While liberty needs to be guarded by the rule of law, it will dwindle and perish under regulation.

The more a nation is regulated and organized, the less liberty the people have. A society highly organized and regulated by government is an unfree society.

The United States is becoming ever less free. Its successive governments have become increasingly regulatory, or to put it another way, increasingly Leftist. The trend was interrupted and to some extent reversed by the presidency of Ronald Reagan. When he left office, the decay of liberty resumed. In the last eight years, President Obama – a firm believer in regulatory government – has all too often imposed his personal will by dictatorial executive order. In doing so, he acted as an enemy of the country he presided over.

The great Sovietologist, Robert Conquest, noted that there are “Three Laws of Politics”.

John Derbyshire recently recalled them, writing at National Review:

1. Everyone is conservative about what he knows best.

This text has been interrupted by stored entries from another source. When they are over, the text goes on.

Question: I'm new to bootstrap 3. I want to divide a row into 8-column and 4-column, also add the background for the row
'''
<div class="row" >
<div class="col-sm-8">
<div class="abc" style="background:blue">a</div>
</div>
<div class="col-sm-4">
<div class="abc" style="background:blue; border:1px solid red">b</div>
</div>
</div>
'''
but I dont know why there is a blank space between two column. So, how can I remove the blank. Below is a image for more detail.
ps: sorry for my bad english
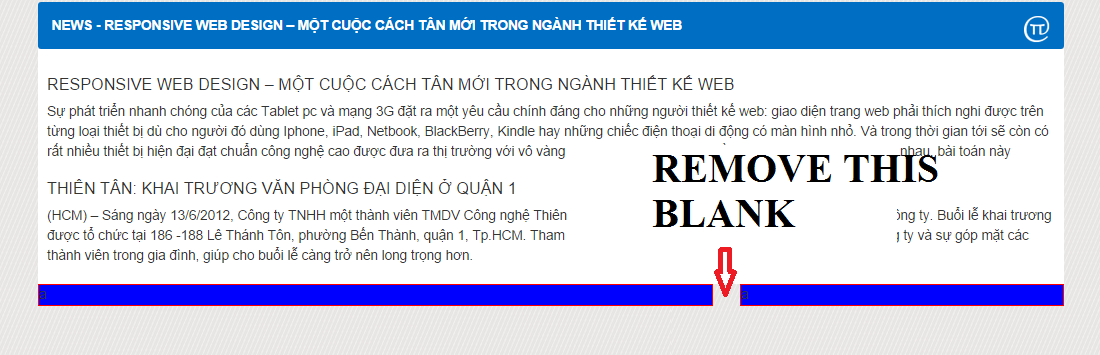
Answer: ### View Live Bootply
### CSS
'''
.row.no-gutter [class*='col-']:not(:first-child),
.row.no-gutter [class*='col-']:not(:last-child) {
padding-right:0;
padding-left:0;
}
.row.no-gutter {
margin-left: 0;
margin-right: 0;
}
'''
### HTML
'''
<div class="row no-gutter">
<div class="col-lg-8"><div>one</div></div>
<div class="col-lg-4"><div>two</div></div>
</div>
'''
### Snap
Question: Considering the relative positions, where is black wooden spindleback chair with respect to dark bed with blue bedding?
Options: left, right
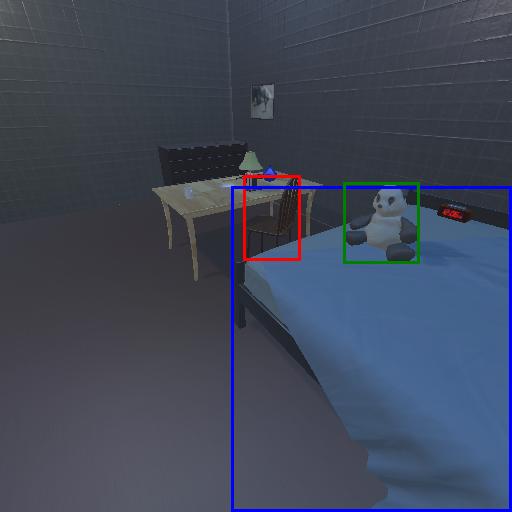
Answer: left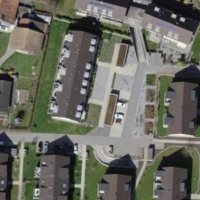
EUNIS habitat code: 54
Species observed at this site:
Grus grus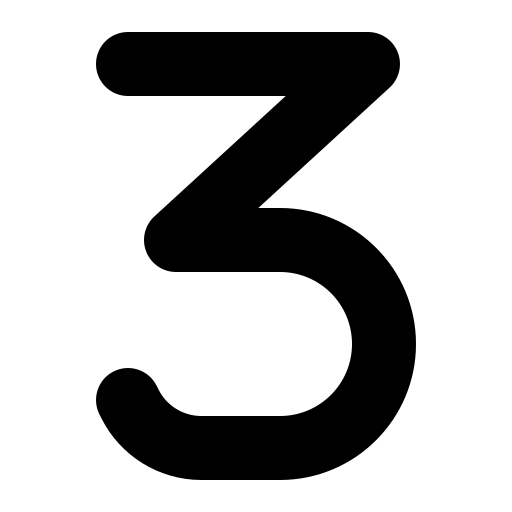
Tags: icon, FontAwesome, fa-icon, solid, 3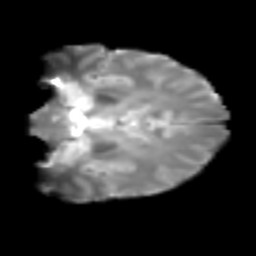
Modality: T2w
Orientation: coronal
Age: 22
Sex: female
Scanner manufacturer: siemens
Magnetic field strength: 3 T
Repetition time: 2.3 s
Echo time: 0.085 s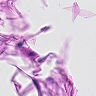
Metastatic tissue present: no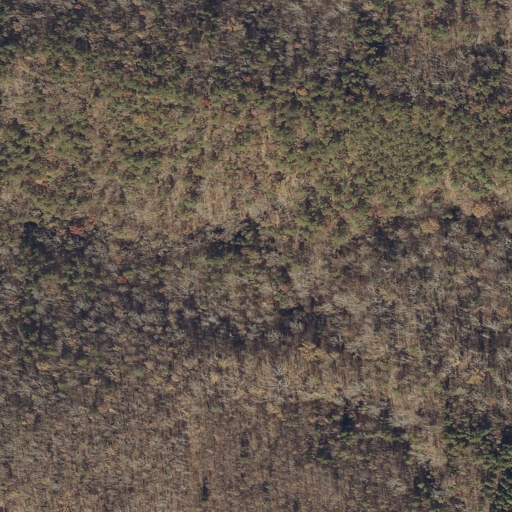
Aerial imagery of gap in Alabama named Plank Road Gap containing deciduous forest, evergreen forest, and mixed forest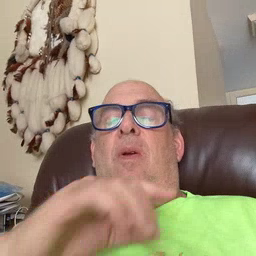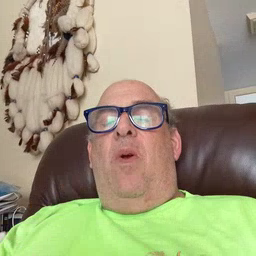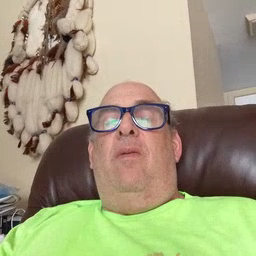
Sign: old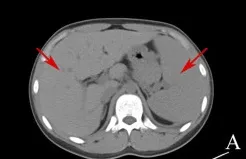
Imaging examinations.
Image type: radiology (ct)

2. Any organization not explicitly and constitutionally right-wing will sooner or later become left-wing.

3. The behavior of any bureaucratic organization can best be understood by assuming that it is controlled by a secret cabal of its enemies.

And he adds:

Of the Second Law, Conquest gave the Church of England and Amnesty International as examples. Of the Third, he noted that a bureaucracy sometimes actually IS controlled by a secret cabal of its enemies – e.g. the postwar British secret service.

As the most historically important example of the Second Law, we can now add the United States of America.

Excellent as the US Constitution is, it has not kept governments from the fatal tendency.

The Democratic Party has become a wholly left-wing organization. If the Democratic nominee, Hillary Clinton, is elected to the presidency in 2016, the people will lose such liberty as remains to them.